# Prompt:
Every entry below must be retyped exactly, and the pictures must be left out.

# Records supplied:
---*---
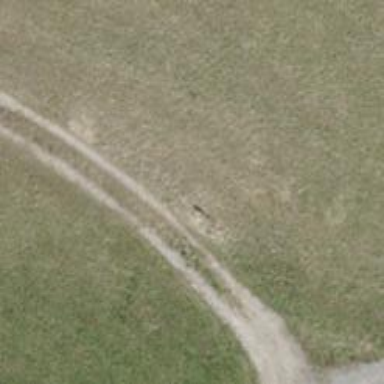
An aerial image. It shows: Gravel track with grade4 tracktype.
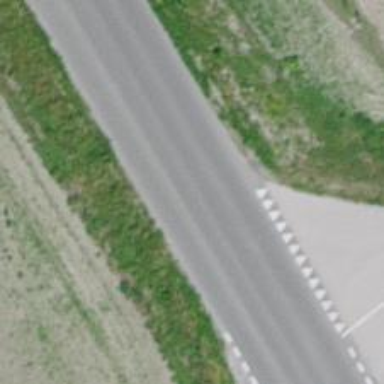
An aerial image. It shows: Unclassified road with asphalt surface.
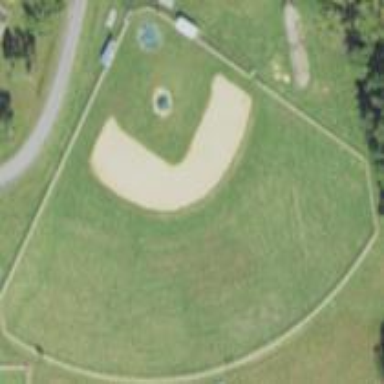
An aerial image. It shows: Baseball pitch for leisure and sports activities.
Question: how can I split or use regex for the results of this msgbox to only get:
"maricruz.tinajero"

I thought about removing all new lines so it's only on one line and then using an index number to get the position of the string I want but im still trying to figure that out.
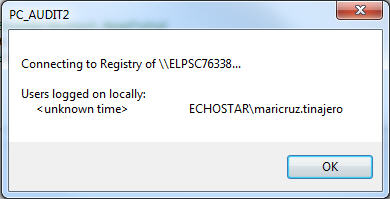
---*---
# Result of this task:
An aerial image. It shows: Gravel track with grade4 tracktype.
An aerial image. It shows: Unclassified road with asphalt surface.
An aerial image. It shows: Baseball pitch for leisure and sports activities.
Question: how can I split or use regex for the results of this msgbox to only get:
"maricruz.tinajero"

I thought about removing all new lines so it's only on one line and then using an index number to get the position of the string I want but im still trying to figure that out.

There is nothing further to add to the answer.